Kenya: Foreign Minister resigns

By on October 29, 2010
The Kenyan Foreign Minister, Moses Wetangula, declared to the press he was leaving the government to face corruption charges which he is the object in a series of real estate transactions of his department abroad.

Moses Wetangula had particularly been strongly questioned by the Kenyan Parliament, including its decision to deny a land proposed by the Japanese government in the center of Tokyo, preferring to acquire for 13.6 million Euros this year a farthest building to serve as Embassy, against the advice of a real estate firm.
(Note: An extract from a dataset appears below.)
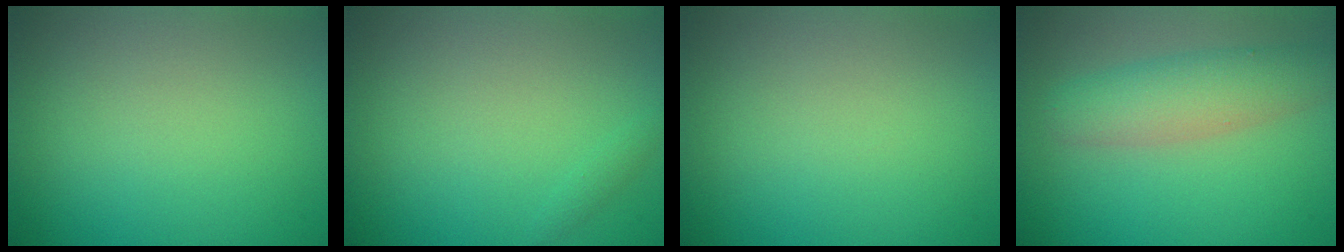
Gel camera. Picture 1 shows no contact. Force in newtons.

He also explained on several other land transactions of his department considered unreliable in Lagos, Islamabad, Brussels and Lagos. The minister has clearly blamed any possible irregularity on his subordinates. IT seems that the government has adopted a more combative attitude towards corruption, which has been blighting for decades the Kenyan state. Thus, a national heavyweight in politics, William Ruto, had been suspended from his position as Minister of Higher Education last week after being indicted in a corruption scandal dating back to 2004. In the same way, the head of the administration of the Ministry of Foreign Affairs, Thuita Mwangi, resigned also from his position to allow Parliament to continue its investigation of the alleged corrupted transactions. According to a new annual ranking released by Transparency International, Kenya, the East Africa economic engine, has lost few seats and is ranked today 154th out of 178 countries, according to its level of corruption, at the same level as Russia, Kazakhstan and the RDC.